Si seulement je pouvais redevenir moi-même ne serait-ce que quelques minutes pour tenter d'arrêter cette folie. Ce serait une mission suicide : je suis seul au milieu d'une armée, entouré de chars d'assaut. Même si je réussissais, je ne pourrai pas vivre en ayant connaissance de tous mes crimes, malgré que je ne sois pas pleinement responsable de mes actes. Je ne pourrai pas refaire une vie normale avec tout ce sang sur les mains, surtout le sien. Je préférerai mourir plutôt que de supporter ce fardeau insurmontable.
Dans un seul et même mouvement, nous saisissons nos mitrailleuses et les maintenons prêtes à faire feu. Qui donc est encore assez fou pour se mesurer à notre armée monstrueuse ? Au fond, j'espère bien qu'il mettra fin à mon existence pour que je n'ai plus à me voir ainsi. Pour que plus personne ne puisse utiliser mon corps pour de tels desseins. L'avant-garde s'avance et se met en position, leurs armes pointées vers l'autre côté de la rue où il n'y a pas âme qui vive. Est-ce juste une manœuvre de ceux qui nous contrôlent pour se moquer de nous ? Ce ne serait pas la première fois. Toujours dans un même mouvement, le reste de l'infanterie fait demi-tour et se place derrière les blindés qui ont, eux aussi, pointés leurs canons vers leur cible imaginaire. Celui qui nous commande, un type cruel, violent et manipulateur, vient ce placer devant nous et lance un regard méprisant sur son troupeau de moutons. Je le connais juste assez pour savoir qu'il jubile intérieurement de me voir dans cet état là. Après tout, celui qui l'avait toujours surpassé en tout est à présent une machine prête à exécuter le moindre de ses ordres sans réfléchir. A sa place j'aurais pu être pareil. Je me demande d'ailleurs ce que je préfère entre ces deux positions : être inconscient et appuyer sur la gâchette ou l'inverse ?
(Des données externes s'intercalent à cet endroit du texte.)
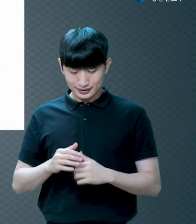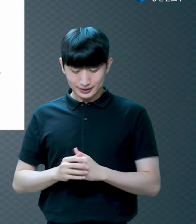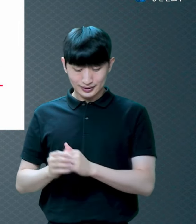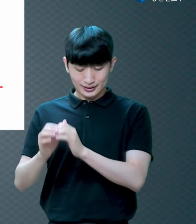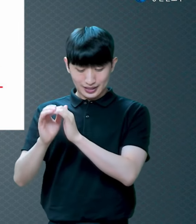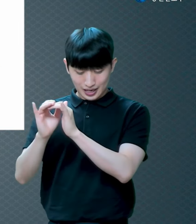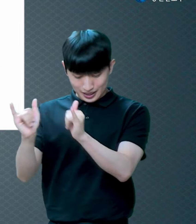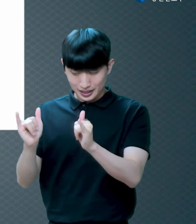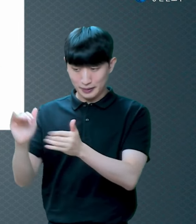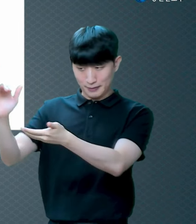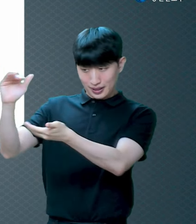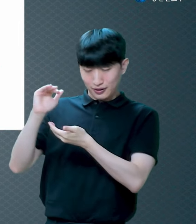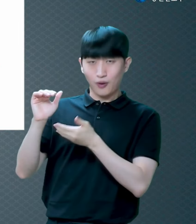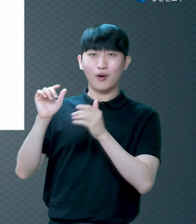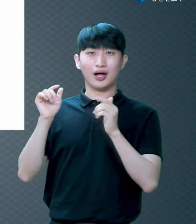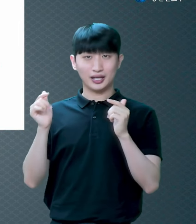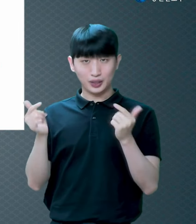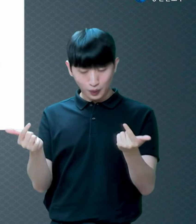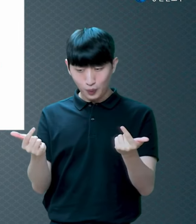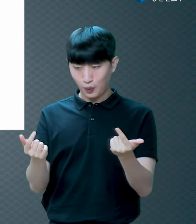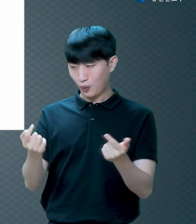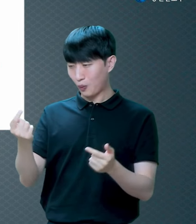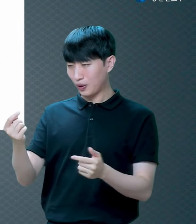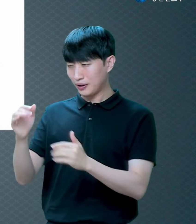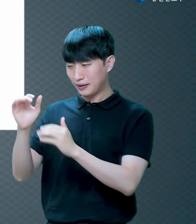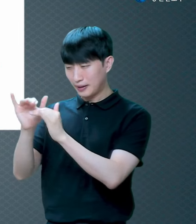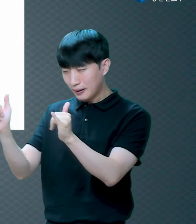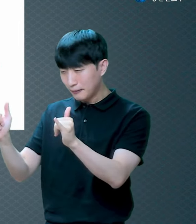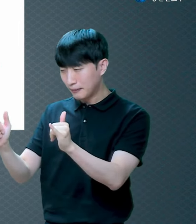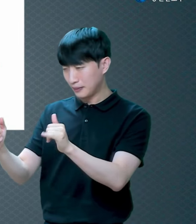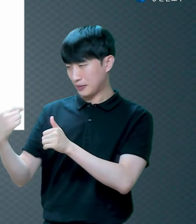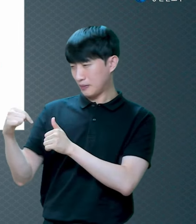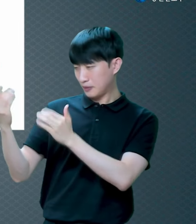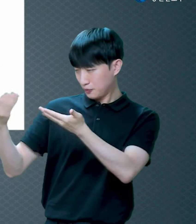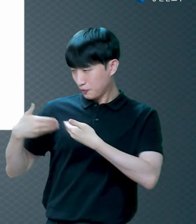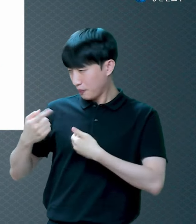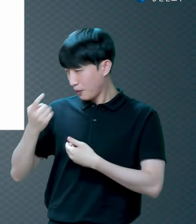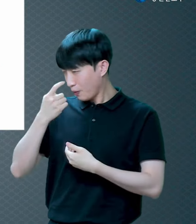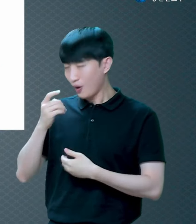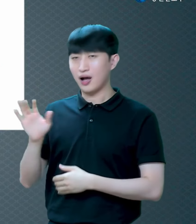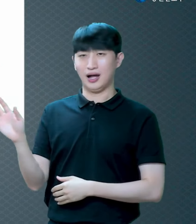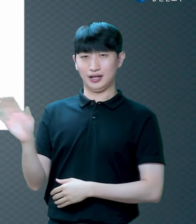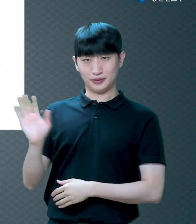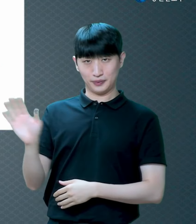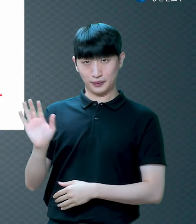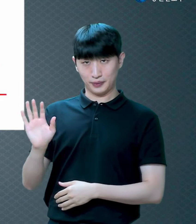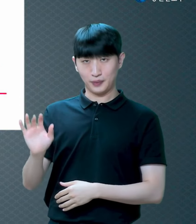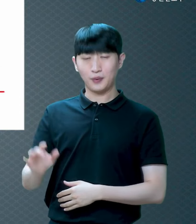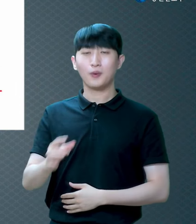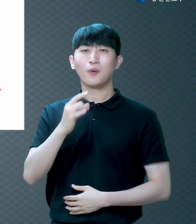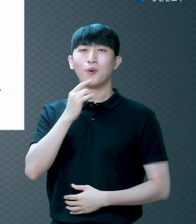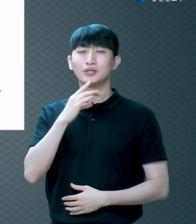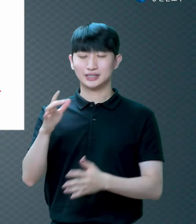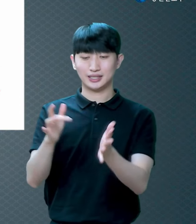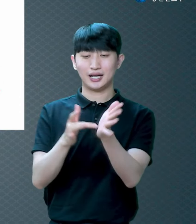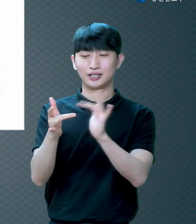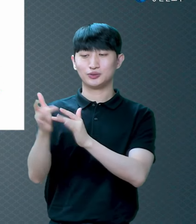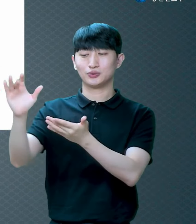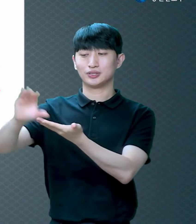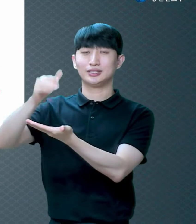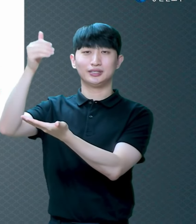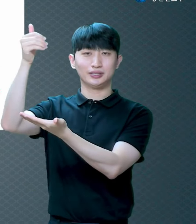받은 것도 아니고 배운 것도 아니다 오직 예수 그리스도의

Je suis au premier rang et lui est face à moi. Il me fixe droit dans les yeux, une joie cruelle au fond du regard. Qu'est-ce que j'aurais aimé pouvoir riposter. Un sentiment de révolte envahi ma conscience. J'en ai assez de tout cela. Cela doit se voir sur mon visage car il lance avec un air de provocation et de pur mépris :
« Tu sais bien que ça ne sert à rien de t'énerver, tu ne peux rien contre moi, c'est moi qui te contrôle. »
Un sourire narquois étire ses lèvres. Il sait que je l'entends et il veut en profiter un maximum. Je ne peux m'empêcher de me jurer intérieurement qu'il va me payer tout cela. Mais quand ?
« Tu as eu beau résister au final tu es comme les autres mais en plus têtu. Tu n'a jamais était bon à rien et tu le sais. Tu t'es toujours caché derrière une façade pour pouvoir te maintenir au sommet. Avant tu n'étais rien. Maintenant tu es un moins que rien. »
Un claquement de doigt et le soldat qui se trouve à côté de moi lui tend son pistolet accroché à sa jambe droite. Après avoir vérifié qu'il est bien chargé mon commandant le pointe sur moi.
« A genoux. » ordonne-t-il.
Je ne peux rien faire d'autre que m'exécuter. Il colle le canon de l'arme sur le sommet de mon crâne. Tout mon être se met alors à hurler. Je ne veux pas mourir, pas comme cela, pas de sa main, pas comme cela. Mais malgré le fait que toutes les cellules de mon corps protestent, je ne bouge pas, je n'y arrive pas. Je sens son doigt glisser lentement vers la détente et se contracter. Est-ce la fin ? Vais-je donc mourir comme ça sans même avoir eu l'opportunité de me battre ? Contre toute attente, mon bourreau retire son arme en poussant un soupire de dédain :
« C'est trop facile. »
Il recule et je me relève. Ce n'est pas mon heure. Je me remets à contempler le vide devant moi.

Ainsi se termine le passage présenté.